Live album by Ryan Stout
- Released: December 6, 2011
- Recorded: June 2011, Acme Comedy Company, Minneapolis, MN
- Genre: Comedy
- Length: 49:26
- Label: Comedy Central Records

= Touché (Ryan Stout album) =

Touché is the first album by the comedian Ryan Stout and was released digitally on December 6, 2011, by Comedy Central Records

==Track listing==

The title of the album comes from track 9, which deals with the Attack on Pearl Harbor. The album was released the day before Pearl Harbor Day 2011. Stout claims this was intentional.
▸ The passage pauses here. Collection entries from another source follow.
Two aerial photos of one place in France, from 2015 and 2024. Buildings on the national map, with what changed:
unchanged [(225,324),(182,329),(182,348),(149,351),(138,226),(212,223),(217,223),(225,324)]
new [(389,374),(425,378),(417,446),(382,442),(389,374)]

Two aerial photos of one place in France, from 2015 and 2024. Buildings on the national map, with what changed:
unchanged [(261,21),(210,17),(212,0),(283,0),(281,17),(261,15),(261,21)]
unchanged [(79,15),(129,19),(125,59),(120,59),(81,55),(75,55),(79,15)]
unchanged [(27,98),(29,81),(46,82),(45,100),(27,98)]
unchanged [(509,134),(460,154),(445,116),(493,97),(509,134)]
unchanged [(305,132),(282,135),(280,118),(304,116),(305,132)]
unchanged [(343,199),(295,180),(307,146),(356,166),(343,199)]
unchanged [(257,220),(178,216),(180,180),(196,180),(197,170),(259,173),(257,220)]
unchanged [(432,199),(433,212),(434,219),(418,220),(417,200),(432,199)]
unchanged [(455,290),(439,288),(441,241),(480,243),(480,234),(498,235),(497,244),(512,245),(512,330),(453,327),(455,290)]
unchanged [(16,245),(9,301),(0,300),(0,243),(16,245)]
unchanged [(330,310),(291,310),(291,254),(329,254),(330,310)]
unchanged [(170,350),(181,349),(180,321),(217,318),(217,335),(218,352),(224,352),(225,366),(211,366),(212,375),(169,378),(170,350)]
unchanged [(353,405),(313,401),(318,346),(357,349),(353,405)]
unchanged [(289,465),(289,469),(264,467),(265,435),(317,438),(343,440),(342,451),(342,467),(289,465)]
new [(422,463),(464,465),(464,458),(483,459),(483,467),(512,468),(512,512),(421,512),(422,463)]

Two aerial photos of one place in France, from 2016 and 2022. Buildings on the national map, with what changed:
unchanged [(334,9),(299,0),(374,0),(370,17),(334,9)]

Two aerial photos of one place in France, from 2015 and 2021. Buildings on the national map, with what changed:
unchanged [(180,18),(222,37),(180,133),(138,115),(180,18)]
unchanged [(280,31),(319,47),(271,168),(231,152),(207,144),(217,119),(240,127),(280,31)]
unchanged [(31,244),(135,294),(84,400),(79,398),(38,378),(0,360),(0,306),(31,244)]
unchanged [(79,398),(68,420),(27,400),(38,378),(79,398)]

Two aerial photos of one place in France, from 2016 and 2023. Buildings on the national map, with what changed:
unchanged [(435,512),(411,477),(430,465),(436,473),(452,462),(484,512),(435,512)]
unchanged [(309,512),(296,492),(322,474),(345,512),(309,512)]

Though, as discussed on track 14, there is no profanity up to that point in the album, the abrasive subject matter and controversial ideas still earned the record an EXPLICIT rating on iTunes and Amazon.

| No. | Title | Length |
|---|---|---|
| 1. | "Prologue" | 2:20 |
| 2. | "Initiation" | 1:59 |
| 3. | "Deals" | 3:17 |
| 4. | "Hybrid / Olé" | 3:29 |
| 5. | "The 'N-Word'" | 1:16 |
| 6. | "Euphemisms" | 3:54 |
| 7. | "One Arm" | 4:11 |
| 8. | "Afflictions" | 3:31 |
| 9. | "8:15 / Surgeon" | 3:33 |
| 10. | "Killing & Eating" | 2:14 |
| 11. | "A New Diet" | 3:50 |
| 12. | "Logic" | 2:29 |
| 13. | "Equality" | 4:02 |
| 14. | "Profanity" | 3:15 |
| 15. | "Done" | 1:26 |
| 16. | "Epilogue" | 4:40 |

==Reception==
Touché was met with positive reviews from Nerdist, The Serious Comedy Site, and Under The Gun Review.